The money expenditure competition: "Mine costs more than yours, therefore yours is low end" as though that relates to SQ.

The measurements crowd: If it doesn't measure like an anechoic chamber it's bad!

And finally the opposite of the measurements crowd "My ears tell my it sounds better when I keep a turntable within 3ft of my PC, don't knock it until you try it, it's just what my ears tell me!"

 

ROFL

 

So true k701smile.gif

post #122 of 201

My most hated audiophile-related misconceptions have to do with the wild claims some people on these sorts of forums make about the sonic artifacts and differences in equipment that they swear up and down that they can hear. All sorts of dubious "facts" and guff get spread around as a result, and new members look at that and accept it because it's popular consensus, or else judge the hobby based on the intensity of the often circular arguments that repeatedly erupt about burn in or cables. They often conclude that they need to spend a bunch of money on stuff they probably don't need or, worse yet, they take up sides in these arguments just to fit in and thus keep the cycle going.

 

You see, some audiophiles (certainly not all) feel that their ability to enjoy audio at a deeper level than most people (which is truly a gift, don't get me wrong) makes them special and superior. It builds them up inside. That can eventually go to anyone's head and morph into all sorts of ridiculousness. People can convince themselves of nearly anything if it stokes their egos, especially if it bigs them up or they've sunk money into it. But the fact that I rarely see anyone interested in trying to prove these claims to themselves empirically tells me that, more likely than not, they know deep down there's a very real possibility they're winding themselves up and they don't want to be humbled to the fact or have to admit that they just wasted their money.

 

So they hide behind their jargon.
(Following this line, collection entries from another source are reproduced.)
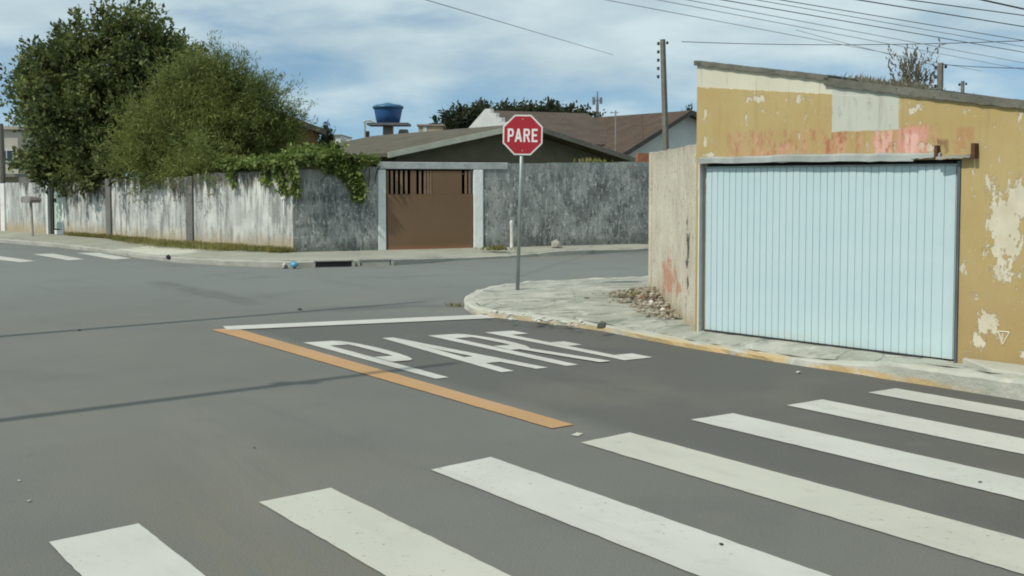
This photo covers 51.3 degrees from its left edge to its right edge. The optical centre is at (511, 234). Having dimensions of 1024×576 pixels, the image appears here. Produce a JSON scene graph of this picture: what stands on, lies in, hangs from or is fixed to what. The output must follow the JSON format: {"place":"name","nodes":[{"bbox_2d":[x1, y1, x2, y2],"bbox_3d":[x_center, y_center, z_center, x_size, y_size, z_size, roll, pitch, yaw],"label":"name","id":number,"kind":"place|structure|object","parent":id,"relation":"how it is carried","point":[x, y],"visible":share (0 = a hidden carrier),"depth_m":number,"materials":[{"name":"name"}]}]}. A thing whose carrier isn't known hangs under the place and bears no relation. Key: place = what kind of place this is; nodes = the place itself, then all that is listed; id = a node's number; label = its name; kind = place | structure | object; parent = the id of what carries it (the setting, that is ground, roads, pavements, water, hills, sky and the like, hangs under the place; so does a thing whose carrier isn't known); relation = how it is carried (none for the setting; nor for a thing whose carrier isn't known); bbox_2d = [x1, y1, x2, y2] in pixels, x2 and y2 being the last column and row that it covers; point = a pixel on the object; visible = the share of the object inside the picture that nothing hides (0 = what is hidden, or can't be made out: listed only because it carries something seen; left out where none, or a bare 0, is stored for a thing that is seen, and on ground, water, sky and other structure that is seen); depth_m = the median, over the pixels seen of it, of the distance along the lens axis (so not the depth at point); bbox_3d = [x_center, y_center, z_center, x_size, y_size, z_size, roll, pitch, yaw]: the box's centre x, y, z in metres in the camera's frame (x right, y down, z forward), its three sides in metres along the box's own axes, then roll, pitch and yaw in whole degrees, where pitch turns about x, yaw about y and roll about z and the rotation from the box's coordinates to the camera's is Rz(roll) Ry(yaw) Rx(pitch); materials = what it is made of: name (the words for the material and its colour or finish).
{"place":"outdoors","nodes":[
{"label":"outdoors","id":0,"kind":"place"},
{"bbox_2d":[64,230,295,252],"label":"grass","id":1,"kind":"structure","parent":0,"point":[195,244],"depth_m":23.68,"materials":[{"name":"green plant"}]},
{"bbox_2d":[0,230,647,260],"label":"pavement","id":2,"kind":"structure","parent":0,"point":[262,255],"depth_m":22.83,"materials":[{"name":"grey concrete"}]},
{"bbox_2d":[21,196,40,235],"bbox_3d":[-13.101,-0.506,29.066,0.623,1.072,0.300,3,4,42],"label":"letter box","id":3,"kind":"object","parent":2,"relation":"on","point":[30,200],"visible":1,"depth_m":29.02,"materials":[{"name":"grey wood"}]},
{"bbox_2d":[475,243,515,250],"bbox_3d":[-0.364,0.259,22.973,0.891,0.168,0.345,0,3,0],"label":"weed tuft","id":4,"kind":"object","parent":2,"relation":"on","point":[497,247],"visible":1,"depth_m":22.92,"materials":[{"name":"green plant"}]},
{"bbox_2d":[509,220,513,247],"bbox_3d":[-0.011,-0.007,23.823,0.096,0.637,0.090,0,3,0],"label":"short post","id":5,"kind":"object","parent":2,"relation":"on","point":[511,233],"visible":0.83,"depth_m":23.80,"materials":[{"name":"white concrete"}]},
{"bbox_2d":[551,239,561,247],"bbox_3d":[1.003,0.203,23.857,0.250,0.202,0.242,0,3,0],"label":"rock","id":6,"kind":"object","parent":2,"relation":"on","point":[556,243],"visible":1,"depth_m":23.77,"materials":[{"name":"stone"}]},
{"bbox_2d":[333,134,351,142],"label":"building","id":7,"kind":"structure","parent":0,"point":[341,138],"depth_m":60.01,"materials":[{"name":"white paint"}]},
{"bbox_2d":[0,240,1023,575],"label":"road","id":8,"kind":"structure","parent":0,"point":[164,418],"depth_m":6.63,"materials":[{"name":"grey asphalt"}]},
{"bbox_2d":[0,124,5,182],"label":"utility pole","id":9,"kind":"object","parent":8,"relation":"on","point":[2,166],"visible":0.49,"depth_m":33.35,"materials":[{"name":"concrete"}]},
{"bbox_2d":[281,263,287,268],"bbox_3d":[-4.240,0.577,19.859,0.113,0.125,0.126,1,3,19],"label":"paper scrap","id":10,"kind":"object","parent":8,"relation":"on","point":[283,265],"visible":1,"depth_m":19.82,"materials":[{"name":"white paper"}]},
{"bbox_2d":[290,261,298,267],"bbox_3d":[-4.050,0.557,19.857,0.153,0.145,0.223,-1,3,-16],"label":"plastic bag","id":11,"kind":"object","parent":8,"relation":"on","point":[294,264],"visible":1,"depth_m":19.79,"materials":[{"name":"blue plastic"}]},
{"bbox_2d":[0,238,647,267],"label":"kerb","id":12,"kind":"structure","parent":8,"relation":"on","point":[277,263],"depth_m":21.91,"materials":[{"name":"grey concrete"}]},
{"bbox_2d":[312,259,354,267],"bbox_3d":[-3.377,0.550,20.192,0.804,0.145,0.050,-1,3,-17],"label":"storm drain","id":13,"kind":"object","parent":12,"relation":"in","point":[321,263],"visible":0.96,"depth_m":20.18,"materials":[{"name":"grey concrete"}]},
{"bbox_2d":[357,258,393,265],"bbox_3d":[-2.620,0.536,20.466,0.708,0.145,0.050,-1,3,-16],"label":"storm drain","id":14,"kind":"object","parent":12,"relation":"in","point":[390,259],"visible":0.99,"depth_m":20.42,"materials":[{"name":"grey concrete"}]},
{"bbox_2d":[445,301,463,306],"bbox_3d":[-0.699,0.896,13.806,0.337,0.072,0.145,0,3,0],"label":"weed tuft","id":15,"kind":"object","parent":8,"relation":"on","point":[452,304],"visible":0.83,"depth_m":13.80,"materials":[{"name":"green plant"}]},
{"bbox_2d":[657,39,668,150],"bbox_3d":[4.841,-3.126,33.886,0.520,6.108,0.229,0,3,0],"label":"utility pole","id":16,"kind":"object","parent":8,"relation":"on","point":[665,134],"visible":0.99,"depth_m":33.77,"materials":[{"name":"concrete"}]},
{"bbox_2d":[427,0,611,54],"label":"overhead wire","id":17,"kind":"object","parent":16,"relation":"attached to","point":[509,24],"visible":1,"depth_m":27.94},
{"bbox_2d":[607,0,979,70],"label":"overhead wire","id":18,"kind":"object","parent":16,"relation":"attached to","point":[766,30],"visible":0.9,"depth_m":26.40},
{"bbox_2d":[659,0,1023,69],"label":"overhead wire","id":19,"kind":"object","parent":16,"relation":"attached to","point":[827,32],"visible":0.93,"depth_m":26.77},
{"bbox_2d":[689,0,1022,62],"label":"overhead wire","id":20,"kind":"object","parent":16,"relation":"attached to","point":[845,29],"visible":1,"depth_m":27.13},
{"bbox_2d":[723,0,1023,52],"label":"overhead wire","id":21,"kind":"object","parent":16,"relation":"attached to","point":[863,24],"visible":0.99,"depth_m":26.90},
{"bbox_2d":[758,0,1022,46],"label":"overhead wire","id":22,"kind":"object","parent":16,"relation":"attached to","point":[884,22],"visible":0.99,"depth_m":26.58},
{"bbox_2d":[782,0,1019,39],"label":"overhead wire","id":23,"kind":"object","parent":16,"relation":"attached to","point":[893,18],"visible":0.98,"depth_m":26.05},
{"bbox_2d":[464,276,1023,400],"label":"kerb","id":24,"kind":"structure","parent":8,"relation":"on","point":[983,383],"depth_m":8.98,"materials":[{"name":"grey concrete"}]},
{"bbox_2d":[481,310,585,327],"bbox_3d":[0.269,0.942,11.981,1.633,0.037,0.602,2,4,38],"label":"broken concrete","id":25,"kind":"object","parent":24,"relation":"on","point":[538,318],"visible":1,"depth_m":11.87,"materials":[{"name":"grey concrete"}]},
{"bbox_2d":[694,61,1023,364],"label":"garage building","id":26,"kind":"structure","parent":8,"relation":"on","point":[742,110],"depth_m":8.92,"materials":[{"name":"yellow paint"}]},
{"bbox_2d":[697,143,978,362],"bbox_3d":[2.825,0.124,9.665,0.175,1.827,2.765,-3,4,-43],"label":"garage door","id":27,"kind":"structure","parent":26,"relation":"attached to","point":[864,255],"depth_m":9.61,"materials":[{"name":"grey metal"}]},
{"bbox_2d":[705,166,956,358],"bbox_3d":[2.804,0.181,9.743,0.010,1.625,2.513,-3,4,-43],"label":"door panel","id":28,"kind":"structure","parent":27,"relation":"in","point":[857,257],"depth_m":9.61,"materials":[{"name":"blue metal"}]},
{"bbox_2d":[830,72,973,93],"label":"roof grass","id":29,"kind":"structure","parent":26,"relation":"on","point":[899,82],"depth_m":9.34,"materials":[{"name":"green plant"}]},
{"bbox_2d":[886,37,944,88],"bbox_3d":[3.656,-1.535,9.572,0.546,0.453,0.486,-1,3,-16],"label":"weed tuft","id":30,"kind":"object","parent":26,"relation":"on","point":[908,76],"visible":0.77,"depth_m":9.59,"materials":[{"name":"green plant"}]},
{"bbox_2d":[934,63,946,89],"bbox_3d":[11.972,-2.339,29.921,0.210,4.923,0.342,-6,7,-66],"label":"utility pole","id":31,"kind":"object","parent":8,"relation":"on","point":[940,72],"visible":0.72,"depth_m":29.77,"materials":[{"name":"concrete"}]},
{"bbox_2d":[797,30,931,64],"bbox_3d":[10.383,-5.633,31.864,0.014,1.564,5.014,-2,3,-33],"label":"overhead wire","id":32,"kind":"object","parent":31,"relation":"attached to","point":[854,45],"visible":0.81,"depth_m":32.39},
{"bbox_2d":[943,64,1023,68],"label":"overhead wire","id":33,"kind":"object","parent":31,"relation":"attached to","point":[984,67],"visible":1,"depth_m":29.06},
{"bbox_2d":[958,81,966,92],"bbox_3d":[16.802,-3.053,39.897,0.322,5.353,0.179,1,3,19],"label":"utility pole","id":34,"kind":"object","parent":8,"relation":"on","point":[963,84],"visible":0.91,"depth_m":39.73,"materials":[{"name":"concrete"}]},
{"bbox_2d":[0,0,1023,181],"label":"sky","id":35,"kind":"structure","parent":0,"point":[423,57],"materials":[{"name":"blue"}]},
{"bbox_2d":[474,277,1023,376],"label":"pavement","id":36,"kind":"structure","parent":0,"point":[553,298],"depth_m":12.35,"materials":[{"name":"grey concrete"}]},
{"bbox_2d":[503,115,542,289],"bbox_3d":[0.152,-0.388,14.887,0.562,2.560,0.071,0,3,8],"label":"stop sign","id":37,"kind":"object","parent":36,"relation":"on","point":[522,135],"visible":0.99,"depth_m":14.82,"materials":[{"name":"metal"}]},
{"bbox_2d":[597,321,605,328],"bbox_3d":[0.940,0.942,11.196,0.108,0.082,0.094,0,3,0],"label":"rock","id":38,"kind":"object","parent":36,"relation":"on","point":[601,324],"visible":1,"depth_m":11.16,"materials":[{"name":"stone"}]},
{"bbox_2d":[572,285,679,319],"bbox_3d":[1.334,0.797,12.928,1.128,0.160,2.743,0,3,0],"label":"rubble","id":39,"kind":"object","parent":36,"relation":"on","point":[659,306],"visible":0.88,"depth_m":12.96,"materials":[{"name":"beige stone"}]},
{"bbox_2d":[616,291,627,297],"bbox_3d":[1.413,0.764,13.726,0.136,0.094,0.103,-1,3,-12],"label":"rubble chunk","id":40,"kind":"object","parent":39,"relation":"on","point":[623,294],"visible":0.88,"depth_m":13.69,"materials":[{"name":"beige stone"}]},
{"bbox_2d":[614,289,658,297],"bbox_3d":[1.652,0.724,13.533,0.746,0.123,0.468,0,3,0],"label":"weed tuft","id":41,"kind":"object","parent":39,"relation":"on","point":[634,292],"visible":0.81,"depth_m":13.55,"materials":[{"name":"green plant"}]},
{"bbox_2d":[648,143,709,329],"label":"boundary wall","id":42,"kind":"structure","parent":36,"relation":"on","point":[672,230],"depth_m":12.14,"materials":[{"name":"beige paint"}]},
{"bbox_2d":[682,40,1023,44],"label":"overhead wire","id":43,"kind":"object","parent":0,"point":[853,44],"visible":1,"depth_m":31.46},
{"bbox_2d":[859,0,1023,26],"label":"overhead wire","id":44,"kind":"object","parent":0,"point":[939,13],"visible":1,"depth_m":24.57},
{"bbox_2d":[910,0,1023,15],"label":"overhead wire","id":45,"kind":"object","parent":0,"point":[965,7],"visible":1,"depth_m":22.59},
{"bbox_2d":[962,358,1023,375],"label":"pavement slab","id":46,"kind":"structure","parent":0,"point":[1003,368],"depth_m":8.35,"materials":[{"name":"concrete"}]},
{"bbox_2d":[981,0,1023,9],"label":"overhead wire","id":47,"kind":"object","parent":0,"point":[1003,4],"visible":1,"depth_m":21.60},
{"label":"yard ground","id":48,"kind":"structure","parent":0,"visible":0},
{"bbox_2d":[3,126,43,182],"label":"house","id":49,"kind":"structure","parent":48,"relation":"on","point":[12,138],"depth_m":52.13,"materials":[{"name":"beige paint"}]},
{"bbox_2d":[5,150,13,161],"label":"window","id":50,"kind":"structure","parent":49,"relation":"in","point":[8,153],"depth_m":52.07,"materials":[{"name":"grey glass"}]},
{"bbox_2d":[0,0,237,199],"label":"tree","id":51,"kind":"object","parent":48,"relation":"on","point":[67,84],"visible":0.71,"depth_m":28.79,"materials":[{"name":"green plant"}]},
{"bbox_2d":[0,170,292,247],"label":"boundary wall","id":52,"kind":"structure","parent":48,"relation":"on","point":[248,209],"depth_m":25.45,"materials":[{"name":"white paint"}]},
{"bbox_2d":[50,186,63,234],"bbox_3d":[-12.591,-0.657,29.700,0.845,1.506,0.200,3,4,42],"label":"yard door","id":53,"kind":"structure","parent":52,"relation":"attached to","point":[56,214],"depth_m":29.76,"materials":[{"name":"green paint"}]},
{"bbox_2d":[54,191,61,228],"bbox_3d":[-12.568,-0.733,29.647,0.591,1.143,0.040,3,4,42],"label":"door panel","id":54,"kind":"structure","parent":53,"relation":"in","point":[58,204],"depth_m":29.68,"materials":[{"name":"green paint"}]},
{"bbox_2d":[280,192,286,213],"bbox_3d":[-4.796,-0.661,22.412,0.180,0.471,0.038,3,4,42],"label":"meter box","id":55,"kind":"object","parent":52,"relation":"attached to","point":[283,197],"visible":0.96,"depth_m":22.41,"materials":[{"name":"white plastic"}]},
{"bbox_2d":[211,140,382,204],"bbox_3d":[-4.860,-1.338,22.771,4.157,1.434,1.820,1,3,11],"label":"creeper","id":56,"kind":"object","parent":52,"relation":"attached to","point":[326,159],"visible":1,"depth_m":22.53,"materials":[{"name":"green plant"}]},
{"bbox_2d":[85,28,322,204],"bbox_3d":[-7.421,-2.429,26.476,4.886,5.368,5.424,-3,4,-42],"label":"tree","id":57,"kind":"object","parent":48,"relation":"on","point":[207,116],"visible":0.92,"depth_m":25.92,"materials":[{"name":"green plant"}]},
{"bbox_2d":[267,115,325,145],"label":"house","id":58,"kind":"structure","parent":48,"relation":"on","point":[314,138],"depth_m":38.23,"materials":[{"name":"brown tile"}]},
{"bbox_2d":[318,121,337,144],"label":"tree","id":59,"kind":"object","parent":48,"relation":"on","point":[327,137],"visible":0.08,"depth_m":44.71,"materials":[{"name":"green plant"}]},
{"bbox_2d":[364,119,410,137],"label":"tank tower","id":60,"kind":"structure","parent":48,"relation":"on","point":[388,128],"depth_m":45.52,"materials":[{"name":"concrete"}]},
{"bbox_2d":[372,103,403,122],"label":"water tank","id":61,"kind":"object","parent":60,"relation":"on","point":[388,112],"visible":0.97,"depth_m":45.33,"materials":[{"name":"blue plastic"}]},
{"bbox_2d":[398,129,408,133],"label":"roof tank","id":62,"kind":"object","parent":48,"relation":"on","point":[403,131],"visible":0.18,"depth_m":43.64,"materials":[{"name":"concrete"}]},
{"bbox_2d":[345,161,489,238],"bbox_3d":[-2.658,-0.712,25.558,2.996,2.030,4.200,-1,3,-21],"label":"carport","id":63,"kind":"object","parent":48,"relation":"on","point":[417,179],"visible":0.02,"depth_m":27.43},
{"bbox_2d":[417,124,445,131],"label":"building","id":64,"kind":"structure","parent":48,"relation":"on","point":[428,127],"depth_m":57.80,"materials":[{"name":"beige paint"}]},
{"bbox_2d":[434,100,480,129],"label":"tree","id":65,"kind":"object","parent":48,"relation":"on","point":[459,119],"visible":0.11,"depth_m":70.54,"materials":[{"name":"green plant"}]},
{"bbox_2d":[284,125,635,169],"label":"house","id":66,"kind":"structure","parent":48,"relation":"on","point":[477,144],"depth_m":32.58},
{"bbox_2d":[293,162,648,252],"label":"boundary wall","id":67,"kind":"structure","parent":48,"relation":"on","point":[586,203],"depth_m":24.04,"materials":[{"name":"grey concrete"}]},
{"bbox_2d":[386,171,472,249],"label":"driveway gate","id":68,"kind":"structure","parent":67,"relation":"attached to","point":[439,215],"depth_m":23.34,"materials":[{"name":"brown metal"}]},
{"bbox_2d":[573,157,612,161],"bbox_3d":[1.889,-1.745,24.783,0.916,0.146,0.466,0,3,7],"label":"weed tuft","id":69,"kind":"object","parent":67,"relation":"on","point":[589,160],"visible":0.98,"depth_m":24.72,"materials":[{"name":"green plant"}]},
{"bbox_2d":[451,98,496,114],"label":"tree","id":70,"kind":"object","parent":48,"relation":"on","point":[476,106],"depth_m":72.91,"materials":[{"name":"green plant"}]},
{"bbox_2d":[462,99,501,123],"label":"tree","id":71,"kind":"object","parent":48,"relation":"on","point":[484,107],"visible":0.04,"depth_m":71.18,"materials":[{"name":"green plant"}]},
{"bbox_2d":[496,99,524,110],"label":"tree","id":72,"kind":"object","parent":48,"relation":"on","point":[510,107],"depth_m":73.14,"materials":[{"name":"green plant"}]},
{"bbox_2d":[505,97,545,111],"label":"tree","id":73,"kind":"object","parent":48,"relation":"on","point":[530,105],"depth_m":73.36,"materials":[{"name":"green plant"}]},
{"bbox_2d":[469,109,606,146],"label":"house","id":74,"kind":"structure","parent":48,"relation":"on","point":[586,127],"depth_m":45.80,"materials":[{"name":"brown tile"}]},
{"bbox_2d":[524,96,577,112],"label":"tree","id":75,"kind":"object","parent":48,"relation":"on","point":[538,108],"visible":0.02,"depth_m":71.94,"materials":[{"name":"green plant"}]},
{"bbox_2d":[541,97,563,109],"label":"tree","id":76,"kind":"object","parent":48,"relation":"on","point":[550,102],"visible":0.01,"depth_m":75.01,"materials":[{"name":"green plant"}]},
{"bbox_2d":[551,100,587,112],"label":"tree","id":77,"kind":"object","parent":48,"relation":"on","point":[567,108],"depth_m":71.62,"materials":[{"name":"green plant"}]},
{"bbox_2d":[610,110,638,161],"bbox_3d":[3.674,-2.094,34.939,0.936,3.934,0.200,0,3,0],"label":"aerial mast","id":78,"kind":"object","parent":48,"relation":"on","point":[615,112],"visible":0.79,"depth_m":34.85,"materials":[{"name":"metal"}]},
{"bbox_2d":[636,153,648,161],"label":"brick wall","id":79,"kind":"structure","parent":48,"relation":"on","point":[642,157],"depth_m":35.98,"materials":[{"name":"orange brick"}]},
{"bbox_2d":[593,110,696,157],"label":"house","id":80,"kind":"structure","parent":48,"relation":"on","point":[645,130],"depth_m":44.12,"materials":[{"name":"brown tile"}]},
{"bbox_2d":[681,102,695,111],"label":"tree","id":81,"kind":"object","parent":48,"relation":"on","point":[687,109],"visible":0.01,"depth_m":69.61,"materials":[{"name":"green plant"}]},
{"label":"ground","id":82,"kind":"structure","parent":0,"visible":0},
{"bbox_2d":[428,105,468,123],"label":"tree","id":83,"kind":"object","parent":82,"relation":"on","point":[434,118],"depth_m":74.99,"materials":[{"name":"green plant"}]},
{"bbox_2d":[462,96,492,107],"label":"tree","id":84,"kind":"object","parent":82,"relation":"on","point":[475,103],"depth_m":74.86,"materials":[{"name":"green plant"}]},
{"bbox_2d":[492,97,514,109],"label":"tree","id":85,"kind":"object","parent":82,"relation":"on","point":[498,104],"visible":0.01,"depth_m":74.88,"materials":[{"name":"green plant"}]},
{"bbox_2d":[511,99,526,107],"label":"tree","id":86,"kind":"object","parent":82,"relation":"on","point":[519,105],"depth_m":77.87,"materials":[{"name":"green plant"}]},
{"bbox_2d":[575,103,605,116],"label":"tree","id":87,"kind":"object","parent":82,"relation":"on","point":[593,113],"depth_m":75.12,"materials":[{"name":"green plant"}]},
{"bbox_2d":[592,91,601,116],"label":"radio mast","id":88,"kind":"object","parent":82,"relation":"on","point":[597,103],"visible":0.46,"depth_m":119.33,"materials":[{"name":"metal"}]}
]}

They collect among like-minded individuals and reinforce their beliefs. And, though it's not really that common on Head-Fi, nevertheless sometimes they react with hostility toward anybody who challenges their claims.

 

There's a quote in my signature about this. It's based on my own experience, when I finally came down off my high horse and used the ABX comparator in Foobar. My transparency point for Lame MP3 is V0, which is quite high. But that's with a specially-selected killer sample. Realistically V1, and possibly even V2, would be fine. For AAC it's far lower, at around 160kbps. I used to think things like, "I can tell the difference. Listen to those reverb trails!" You'll be shocked what you can't hear when it's your cold, dispassionate computer that's keeping tally. And you'll be happy for it because you'll gain a much truer and more realistic sense of not just your own limitations (which is most important), but of the realistic limitations of any human.

 

And, just between you and me, you'll also save a boatload of money, time, and worrying about "What would happen if I upgraded x?" or "Would the midrange sound fuller if I encoded in lossless?".

 

So take what I've said as you will. Flame or agree as you see fit. I don't spend near as much time on Head-Fi these days because I'm often too busy with other stuff. But I'll say this much. I haven't got a clue who made the cables in my headphones, what chip is in my DAC, or what production run my DT880 came from (it's got the new strain relief as opposed to the original one that Beyerdynamic now only uses on the T-series phones, so of course it sounds different!). When I slap my cans on my head and put on some Genesis or the LSO, all I care about is kicking back and enjoying the music.

 

Because that's ultimately what it should be about.

post #123 of 201

What drives me crazy is how many audiophiles completely ignore the power of expectation bias. If product X is significantly more expensive than product Y, most people are going to think it sounds "better" because: (1) they buy into the faulty logic that it must sound better if it's more expensive, and (2) they want to think they have good ears and can hear how much better the more expensive product sounds, even if it doesn't. There simply is no way around this problem other than by conducting a blind, large-scale test. For example, listen to 30 systems (operated by someone else, of course) that are completely identical except for the component you're testing. Unless that component is the headphones or speakers, the vast majority of audiophiles will not be able to pick it out except by luck. Of course, such a test is extremely impractical, which is why no one does it.

 

The problem is compounded with "reviews" of audio equipment in which the "reviewer" is basically compelled to say that a more expensive product sounds better than a less expensive one. If they don't, they lose credibility among the vast majority of readers who think more expensive equals better. Honestly, when was the last time you read a review that said, "This product is twice as much as that one but doesn't sound any better."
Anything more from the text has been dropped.